» What you will do
Go through the data and count the lines holding the string "userSpaceOnUse". Write only the number.

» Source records

________

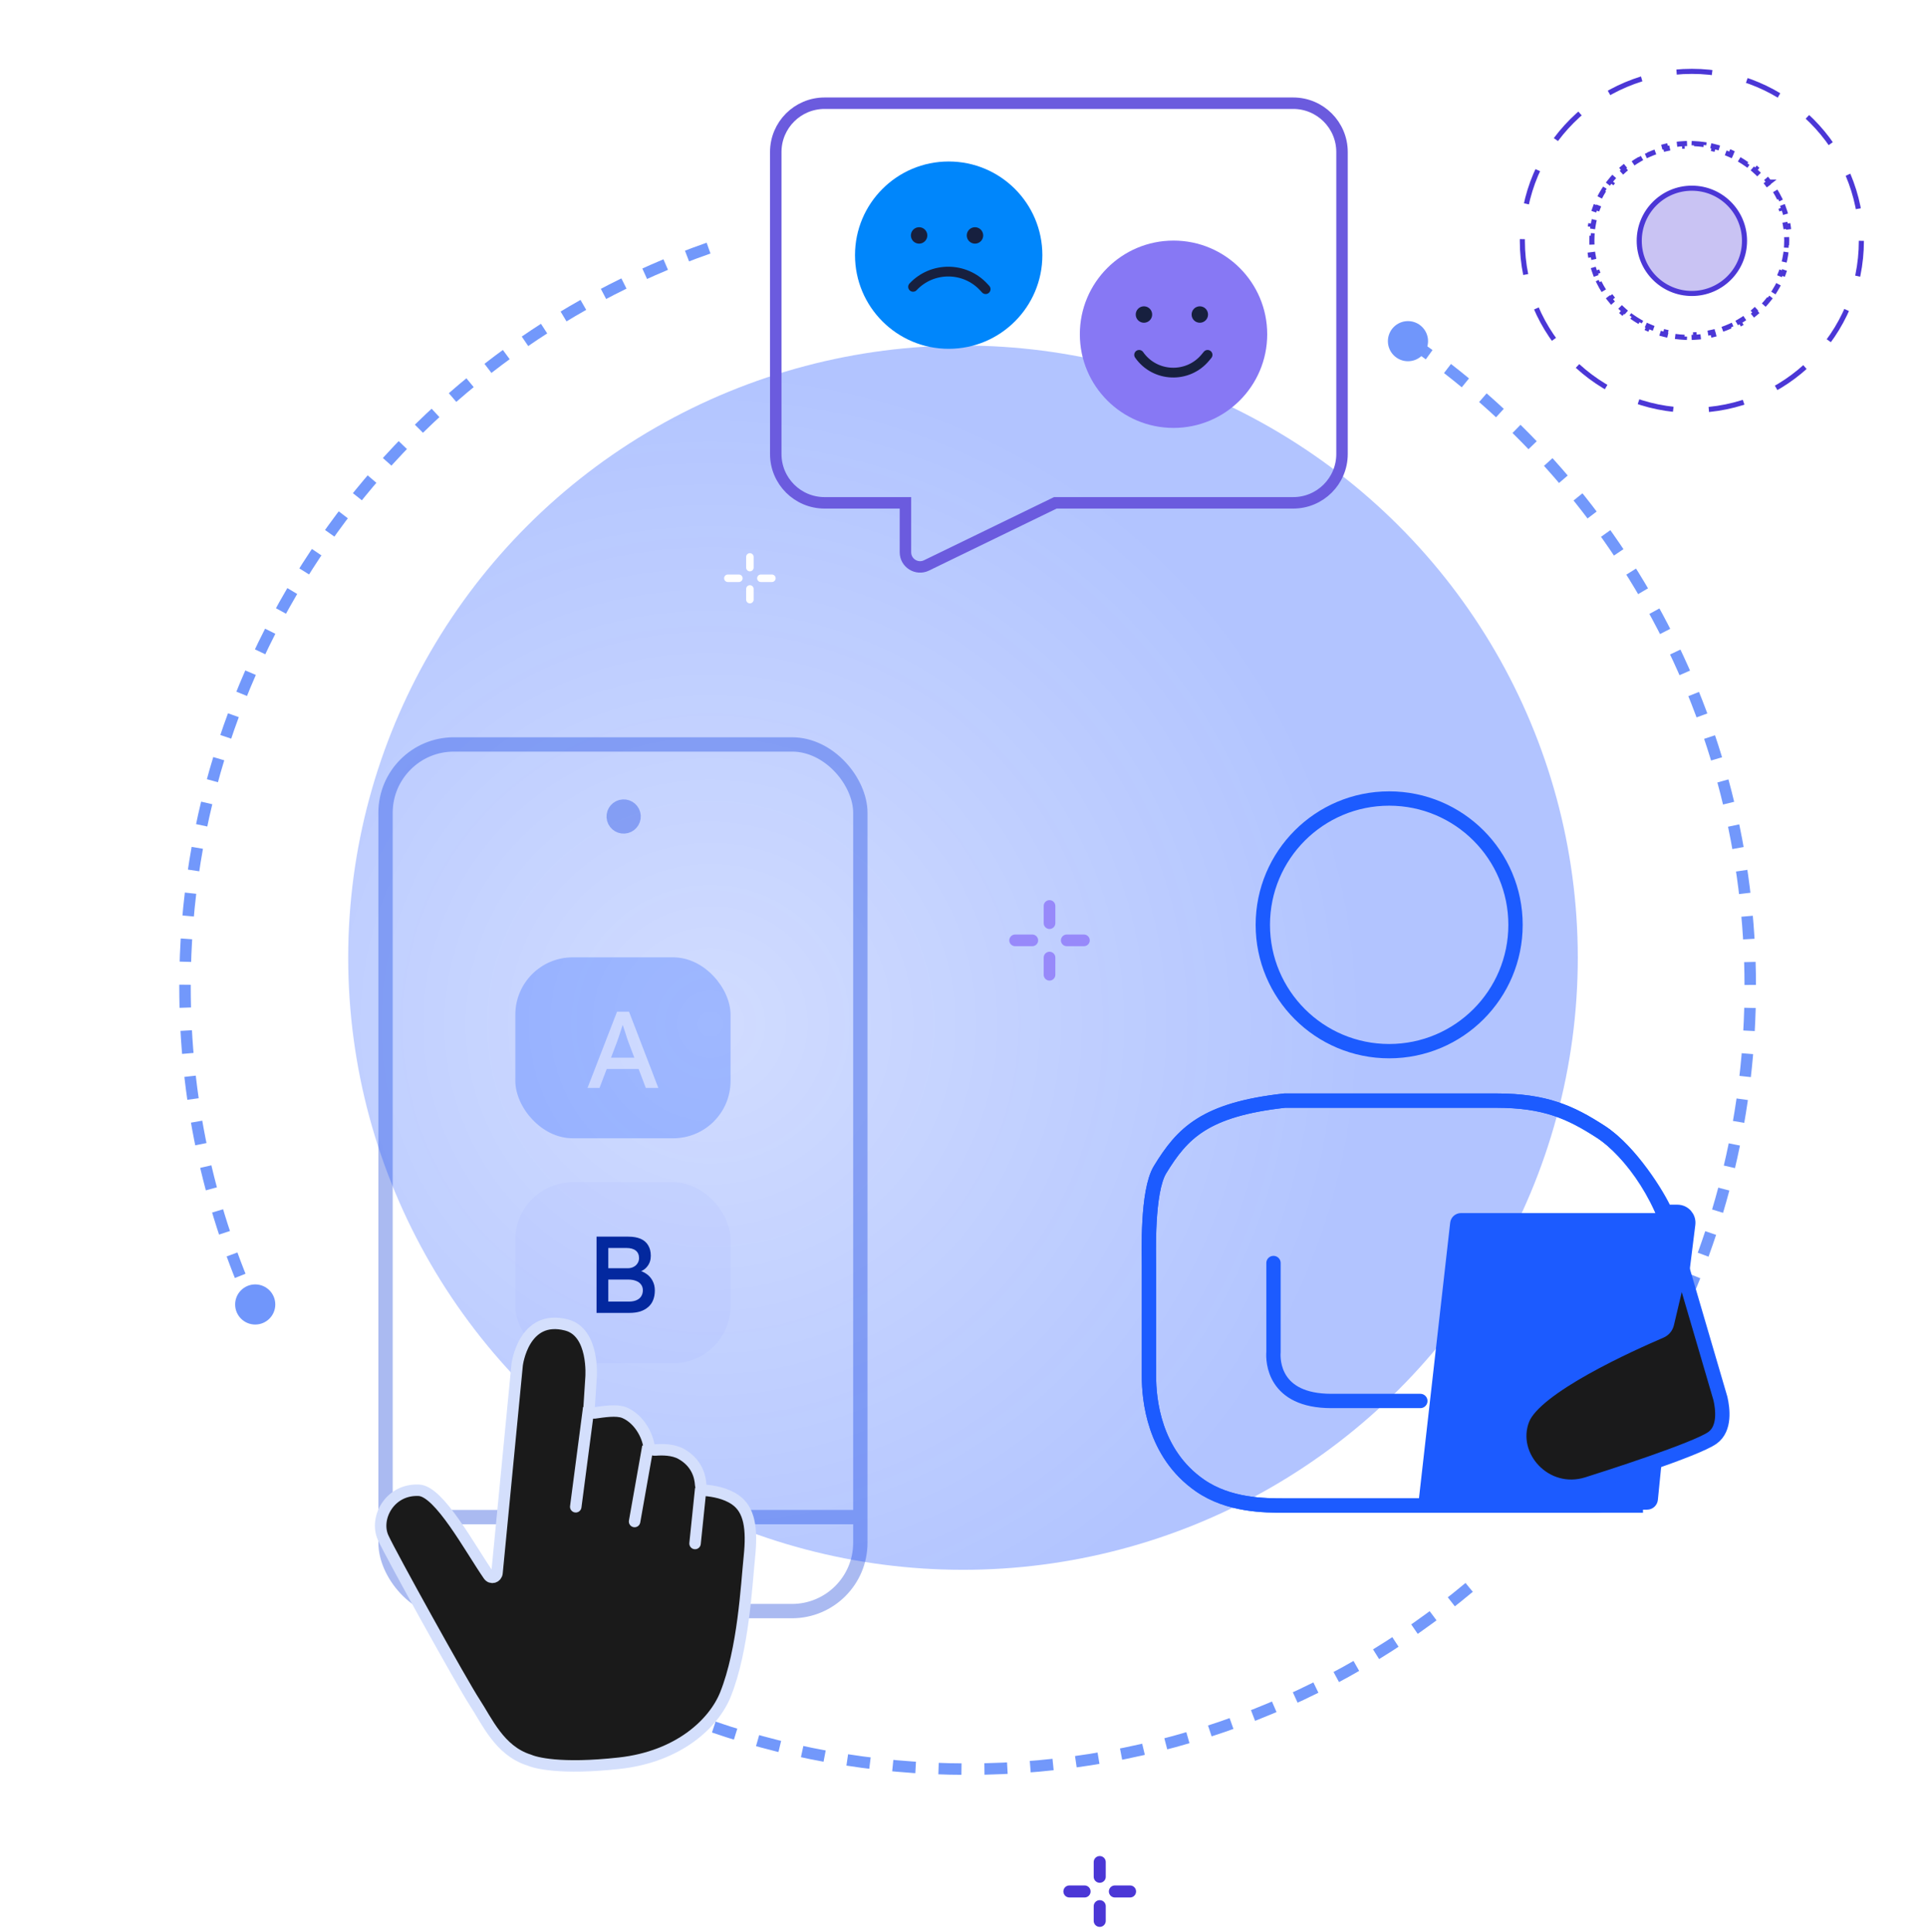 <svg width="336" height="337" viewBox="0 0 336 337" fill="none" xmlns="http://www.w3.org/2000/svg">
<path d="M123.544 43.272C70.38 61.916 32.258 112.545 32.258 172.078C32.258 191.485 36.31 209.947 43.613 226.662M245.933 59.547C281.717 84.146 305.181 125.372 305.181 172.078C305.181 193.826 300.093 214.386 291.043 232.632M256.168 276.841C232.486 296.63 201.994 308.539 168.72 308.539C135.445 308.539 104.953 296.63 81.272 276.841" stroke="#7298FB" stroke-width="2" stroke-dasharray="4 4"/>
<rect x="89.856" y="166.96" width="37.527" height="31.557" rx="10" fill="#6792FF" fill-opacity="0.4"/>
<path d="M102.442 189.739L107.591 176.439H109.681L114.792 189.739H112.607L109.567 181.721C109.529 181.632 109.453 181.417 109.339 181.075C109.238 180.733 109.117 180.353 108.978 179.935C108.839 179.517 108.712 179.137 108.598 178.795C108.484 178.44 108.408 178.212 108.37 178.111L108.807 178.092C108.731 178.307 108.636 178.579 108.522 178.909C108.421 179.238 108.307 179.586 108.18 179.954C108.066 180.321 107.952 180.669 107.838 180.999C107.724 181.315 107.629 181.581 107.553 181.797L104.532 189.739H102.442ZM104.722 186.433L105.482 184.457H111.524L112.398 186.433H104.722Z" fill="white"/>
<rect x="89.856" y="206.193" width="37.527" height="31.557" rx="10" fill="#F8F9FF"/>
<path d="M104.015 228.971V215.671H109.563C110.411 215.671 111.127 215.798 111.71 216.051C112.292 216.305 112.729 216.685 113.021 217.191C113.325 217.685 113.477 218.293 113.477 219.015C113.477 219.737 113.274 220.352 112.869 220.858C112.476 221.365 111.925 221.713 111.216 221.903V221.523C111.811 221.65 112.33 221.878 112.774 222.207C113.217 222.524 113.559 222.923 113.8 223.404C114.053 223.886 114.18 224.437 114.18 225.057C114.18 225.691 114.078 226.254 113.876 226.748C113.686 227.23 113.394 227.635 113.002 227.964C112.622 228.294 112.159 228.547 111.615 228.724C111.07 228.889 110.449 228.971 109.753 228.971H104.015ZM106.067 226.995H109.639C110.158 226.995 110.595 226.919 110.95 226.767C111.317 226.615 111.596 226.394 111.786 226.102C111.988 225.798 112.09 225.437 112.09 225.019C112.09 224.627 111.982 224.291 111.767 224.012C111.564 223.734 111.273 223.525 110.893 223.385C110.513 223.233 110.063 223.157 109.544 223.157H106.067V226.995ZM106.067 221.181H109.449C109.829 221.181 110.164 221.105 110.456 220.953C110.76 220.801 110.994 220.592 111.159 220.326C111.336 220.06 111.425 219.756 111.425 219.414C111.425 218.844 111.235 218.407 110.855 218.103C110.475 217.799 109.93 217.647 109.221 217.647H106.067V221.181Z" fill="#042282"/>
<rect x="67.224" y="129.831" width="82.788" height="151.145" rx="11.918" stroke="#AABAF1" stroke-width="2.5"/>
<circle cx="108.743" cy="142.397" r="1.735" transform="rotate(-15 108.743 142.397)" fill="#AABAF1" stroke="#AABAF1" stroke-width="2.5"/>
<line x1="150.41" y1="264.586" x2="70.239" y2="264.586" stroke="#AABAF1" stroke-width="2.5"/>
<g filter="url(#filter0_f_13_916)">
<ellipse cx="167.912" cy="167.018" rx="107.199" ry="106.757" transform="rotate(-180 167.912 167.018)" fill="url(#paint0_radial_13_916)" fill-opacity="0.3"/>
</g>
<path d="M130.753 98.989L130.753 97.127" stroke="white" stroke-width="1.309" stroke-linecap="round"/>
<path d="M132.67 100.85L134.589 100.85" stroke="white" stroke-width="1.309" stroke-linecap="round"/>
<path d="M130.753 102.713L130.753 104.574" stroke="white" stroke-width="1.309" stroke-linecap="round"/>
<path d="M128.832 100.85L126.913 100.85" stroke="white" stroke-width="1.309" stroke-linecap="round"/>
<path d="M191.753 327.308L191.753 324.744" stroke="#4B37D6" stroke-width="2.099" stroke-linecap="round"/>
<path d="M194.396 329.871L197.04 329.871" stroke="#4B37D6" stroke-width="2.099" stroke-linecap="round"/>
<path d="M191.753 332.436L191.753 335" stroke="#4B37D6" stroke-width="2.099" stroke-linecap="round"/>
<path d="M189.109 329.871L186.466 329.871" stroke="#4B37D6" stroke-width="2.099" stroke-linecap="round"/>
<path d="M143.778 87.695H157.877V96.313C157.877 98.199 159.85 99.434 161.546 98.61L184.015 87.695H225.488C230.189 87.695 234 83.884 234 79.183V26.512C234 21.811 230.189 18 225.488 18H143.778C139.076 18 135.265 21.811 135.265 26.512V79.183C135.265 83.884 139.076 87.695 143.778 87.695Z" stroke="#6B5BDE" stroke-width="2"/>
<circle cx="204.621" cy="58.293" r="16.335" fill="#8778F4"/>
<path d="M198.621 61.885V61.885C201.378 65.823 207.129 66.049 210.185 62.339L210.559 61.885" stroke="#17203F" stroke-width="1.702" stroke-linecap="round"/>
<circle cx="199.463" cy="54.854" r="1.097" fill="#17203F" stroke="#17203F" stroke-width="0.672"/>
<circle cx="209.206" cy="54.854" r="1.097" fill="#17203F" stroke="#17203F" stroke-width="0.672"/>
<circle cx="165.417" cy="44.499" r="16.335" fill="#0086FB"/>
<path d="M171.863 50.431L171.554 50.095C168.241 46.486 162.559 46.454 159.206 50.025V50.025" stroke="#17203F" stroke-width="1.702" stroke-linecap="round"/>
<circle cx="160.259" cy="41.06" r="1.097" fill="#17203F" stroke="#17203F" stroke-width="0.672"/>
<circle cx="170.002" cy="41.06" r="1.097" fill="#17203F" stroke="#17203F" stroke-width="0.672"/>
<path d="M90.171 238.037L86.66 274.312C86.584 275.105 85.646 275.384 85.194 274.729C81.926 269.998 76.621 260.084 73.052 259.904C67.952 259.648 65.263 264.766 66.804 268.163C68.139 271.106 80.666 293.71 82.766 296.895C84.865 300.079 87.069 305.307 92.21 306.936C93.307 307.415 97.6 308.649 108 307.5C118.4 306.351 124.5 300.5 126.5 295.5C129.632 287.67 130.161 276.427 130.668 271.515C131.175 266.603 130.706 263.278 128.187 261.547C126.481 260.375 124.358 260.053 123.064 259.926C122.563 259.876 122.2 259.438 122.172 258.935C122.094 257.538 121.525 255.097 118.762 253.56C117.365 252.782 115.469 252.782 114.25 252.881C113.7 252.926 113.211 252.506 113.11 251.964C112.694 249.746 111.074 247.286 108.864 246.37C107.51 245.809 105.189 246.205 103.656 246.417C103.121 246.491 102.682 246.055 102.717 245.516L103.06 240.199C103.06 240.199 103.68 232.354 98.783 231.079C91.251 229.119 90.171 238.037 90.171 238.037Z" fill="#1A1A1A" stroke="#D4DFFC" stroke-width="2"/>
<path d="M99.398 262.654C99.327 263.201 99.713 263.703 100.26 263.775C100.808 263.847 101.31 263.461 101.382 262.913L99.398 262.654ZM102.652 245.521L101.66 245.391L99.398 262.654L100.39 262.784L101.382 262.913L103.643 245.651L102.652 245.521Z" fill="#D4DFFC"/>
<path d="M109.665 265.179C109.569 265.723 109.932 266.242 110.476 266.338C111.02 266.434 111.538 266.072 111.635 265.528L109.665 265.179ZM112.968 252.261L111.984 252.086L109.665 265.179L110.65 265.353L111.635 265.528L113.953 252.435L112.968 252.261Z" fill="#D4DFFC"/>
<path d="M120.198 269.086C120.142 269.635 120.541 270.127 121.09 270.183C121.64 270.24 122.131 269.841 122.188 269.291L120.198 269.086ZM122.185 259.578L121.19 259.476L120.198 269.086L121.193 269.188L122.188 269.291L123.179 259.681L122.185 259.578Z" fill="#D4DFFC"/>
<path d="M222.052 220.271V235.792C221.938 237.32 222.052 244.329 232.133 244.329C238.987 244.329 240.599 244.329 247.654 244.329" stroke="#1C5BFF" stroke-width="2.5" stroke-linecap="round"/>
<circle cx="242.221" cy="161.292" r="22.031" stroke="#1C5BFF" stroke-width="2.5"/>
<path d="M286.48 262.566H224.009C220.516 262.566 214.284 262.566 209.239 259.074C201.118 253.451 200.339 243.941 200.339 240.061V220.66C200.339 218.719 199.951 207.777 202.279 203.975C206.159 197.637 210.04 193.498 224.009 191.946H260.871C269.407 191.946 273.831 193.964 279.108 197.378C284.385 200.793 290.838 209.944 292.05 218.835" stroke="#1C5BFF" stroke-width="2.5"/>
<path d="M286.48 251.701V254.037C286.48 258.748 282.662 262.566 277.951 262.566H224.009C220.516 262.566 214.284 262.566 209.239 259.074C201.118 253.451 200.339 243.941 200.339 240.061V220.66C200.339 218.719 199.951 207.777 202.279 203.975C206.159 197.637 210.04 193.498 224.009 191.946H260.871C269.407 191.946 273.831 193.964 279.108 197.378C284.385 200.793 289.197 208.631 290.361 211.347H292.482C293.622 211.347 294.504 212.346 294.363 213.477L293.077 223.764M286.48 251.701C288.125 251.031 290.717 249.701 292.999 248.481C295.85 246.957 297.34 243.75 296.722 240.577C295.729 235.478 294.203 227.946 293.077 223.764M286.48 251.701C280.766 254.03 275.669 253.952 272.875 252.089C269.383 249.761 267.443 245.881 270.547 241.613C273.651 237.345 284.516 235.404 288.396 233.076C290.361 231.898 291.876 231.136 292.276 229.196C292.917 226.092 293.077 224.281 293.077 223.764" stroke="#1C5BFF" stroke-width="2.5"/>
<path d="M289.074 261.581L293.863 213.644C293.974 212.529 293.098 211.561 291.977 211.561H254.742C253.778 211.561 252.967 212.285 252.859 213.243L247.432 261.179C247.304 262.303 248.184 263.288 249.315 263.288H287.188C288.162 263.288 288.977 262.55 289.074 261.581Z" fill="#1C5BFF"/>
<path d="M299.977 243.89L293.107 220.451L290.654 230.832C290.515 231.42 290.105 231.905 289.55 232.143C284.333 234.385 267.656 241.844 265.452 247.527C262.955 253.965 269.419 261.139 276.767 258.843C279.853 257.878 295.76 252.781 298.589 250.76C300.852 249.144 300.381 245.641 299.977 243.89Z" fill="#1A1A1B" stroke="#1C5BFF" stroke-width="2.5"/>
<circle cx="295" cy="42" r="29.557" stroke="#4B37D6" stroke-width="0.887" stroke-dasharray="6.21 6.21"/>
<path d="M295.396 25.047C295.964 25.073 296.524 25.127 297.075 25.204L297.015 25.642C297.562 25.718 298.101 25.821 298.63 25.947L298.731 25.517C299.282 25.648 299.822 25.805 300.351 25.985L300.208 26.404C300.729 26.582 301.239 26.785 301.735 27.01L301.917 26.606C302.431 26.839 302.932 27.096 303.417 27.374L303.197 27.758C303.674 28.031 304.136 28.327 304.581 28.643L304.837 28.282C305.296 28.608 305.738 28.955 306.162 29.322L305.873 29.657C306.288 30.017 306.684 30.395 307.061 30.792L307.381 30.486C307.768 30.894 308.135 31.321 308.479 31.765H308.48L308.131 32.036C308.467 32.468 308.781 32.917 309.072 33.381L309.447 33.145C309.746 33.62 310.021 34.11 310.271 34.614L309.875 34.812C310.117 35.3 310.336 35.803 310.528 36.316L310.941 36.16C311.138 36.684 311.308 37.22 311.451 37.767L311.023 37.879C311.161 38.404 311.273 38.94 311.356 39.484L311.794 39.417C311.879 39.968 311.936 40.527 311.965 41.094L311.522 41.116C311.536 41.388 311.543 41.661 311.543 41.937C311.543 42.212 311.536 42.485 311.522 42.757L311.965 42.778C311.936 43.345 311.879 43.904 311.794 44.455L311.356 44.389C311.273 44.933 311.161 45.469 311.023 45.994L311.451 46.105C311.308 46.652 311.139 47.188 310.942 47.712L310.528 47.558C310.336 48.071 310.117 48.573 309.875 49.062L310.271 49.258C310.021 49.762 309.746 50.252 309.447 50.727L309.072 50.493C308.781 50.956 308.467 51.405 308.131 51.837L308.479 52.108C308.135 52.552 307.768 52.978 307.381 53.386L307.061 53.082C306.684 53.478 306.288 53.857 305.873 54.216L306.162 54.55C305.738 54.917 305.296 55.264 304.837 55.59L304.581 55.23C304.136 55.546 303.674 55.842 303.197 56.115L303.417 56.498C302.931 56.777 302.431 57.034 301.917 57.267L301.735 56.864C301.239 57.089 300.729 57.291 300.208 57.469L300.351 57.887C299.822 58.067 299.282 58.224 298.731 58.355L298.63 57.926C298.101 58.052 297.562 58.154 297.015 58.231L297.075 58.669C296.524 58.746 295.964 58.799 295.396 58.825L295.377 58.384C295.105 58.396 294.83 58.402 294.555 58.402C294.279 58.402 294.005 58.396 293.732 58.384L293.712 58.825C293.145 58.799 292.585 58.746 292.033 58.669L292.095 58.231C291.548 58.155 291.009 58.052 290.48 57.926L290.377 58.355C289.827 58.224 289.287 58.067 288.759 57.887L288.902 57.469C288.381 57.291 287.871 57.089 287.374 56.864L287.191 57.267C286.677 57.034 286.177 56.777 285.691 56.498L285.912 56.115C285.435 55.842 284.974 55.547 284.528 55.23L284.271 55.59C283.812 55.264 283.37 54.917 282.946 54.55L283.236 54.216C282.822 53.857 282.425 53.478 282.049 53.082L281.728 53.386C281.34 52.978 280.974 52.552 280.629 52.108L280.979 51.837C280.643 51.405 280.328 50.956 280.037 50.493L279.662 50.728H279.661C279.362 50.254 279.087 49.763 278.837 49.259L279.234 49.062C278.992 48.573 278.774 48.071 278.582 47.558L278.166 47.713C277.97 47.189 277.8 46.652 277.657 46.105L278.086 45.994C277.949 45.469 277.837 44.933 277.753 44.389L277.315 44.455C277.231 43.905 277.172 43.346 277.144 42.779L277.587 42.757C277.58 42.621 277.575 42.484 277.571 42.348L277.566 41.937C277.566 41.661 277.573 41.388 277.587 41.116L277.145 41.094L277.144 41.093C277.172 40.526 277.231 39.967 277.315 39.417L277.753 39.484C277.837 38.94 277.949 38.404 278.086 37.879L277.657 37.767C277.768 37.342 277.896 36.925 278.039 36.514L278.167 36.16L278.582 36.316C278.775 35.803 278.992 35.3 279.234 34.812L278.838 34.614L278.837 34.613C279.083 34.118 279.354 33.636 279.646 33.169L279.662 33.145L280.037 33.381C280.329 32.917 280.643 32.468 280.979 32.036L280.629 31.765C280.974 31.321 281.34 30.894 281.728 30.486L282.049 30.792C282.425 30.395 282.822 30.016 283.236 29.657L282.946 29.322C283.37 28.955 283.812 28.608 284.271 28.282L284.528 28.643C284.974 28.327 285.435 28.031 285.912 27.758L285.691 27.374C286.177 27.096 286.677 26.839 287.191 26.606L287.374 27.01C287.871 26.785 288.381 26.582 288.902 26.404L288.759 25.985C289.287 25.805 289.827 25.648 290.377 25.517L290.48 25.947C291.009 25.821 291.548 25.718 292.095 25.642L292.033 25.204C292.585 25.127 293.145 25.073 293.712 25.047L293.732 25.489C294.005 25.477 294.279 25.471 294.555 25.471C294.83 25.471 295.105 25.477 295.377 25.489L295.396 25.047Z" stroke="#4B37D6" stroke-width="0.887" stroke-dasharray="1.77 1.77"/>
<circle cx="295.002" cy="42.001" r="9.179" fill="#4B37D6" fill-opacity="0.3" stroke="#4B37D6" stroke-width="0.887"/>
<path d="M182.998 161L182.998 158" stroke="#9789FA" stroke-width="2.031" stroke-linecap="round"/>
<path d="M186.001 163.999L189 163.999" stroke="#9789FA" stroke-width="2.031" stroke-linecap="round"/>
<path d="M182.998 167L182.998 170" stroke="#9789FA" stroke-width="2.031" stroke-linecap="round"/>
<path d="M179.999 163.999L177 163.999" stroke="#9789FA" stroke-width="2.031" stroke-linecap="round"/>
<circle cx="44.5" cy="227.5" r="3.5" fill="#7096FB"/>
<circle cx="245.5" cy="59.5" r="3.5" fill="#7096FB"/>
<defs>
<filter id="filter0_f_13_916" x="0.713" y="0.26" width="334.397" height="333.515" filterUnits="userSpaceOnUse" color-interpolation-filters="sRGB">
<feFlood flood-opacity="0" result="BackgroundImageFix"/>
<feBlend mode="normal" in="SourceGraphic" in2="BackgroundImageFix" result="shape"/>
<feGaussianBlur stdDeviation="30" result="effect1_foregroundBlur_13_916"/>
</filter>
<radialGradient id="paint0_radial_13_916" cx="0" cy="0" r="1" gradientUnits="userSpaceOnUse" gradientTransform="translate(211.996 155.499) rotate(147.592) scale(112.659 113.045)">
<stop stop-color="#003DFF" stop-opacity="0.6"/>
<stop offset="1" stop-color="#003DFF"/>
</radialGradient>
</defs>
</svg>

________

» Answer to the problem
2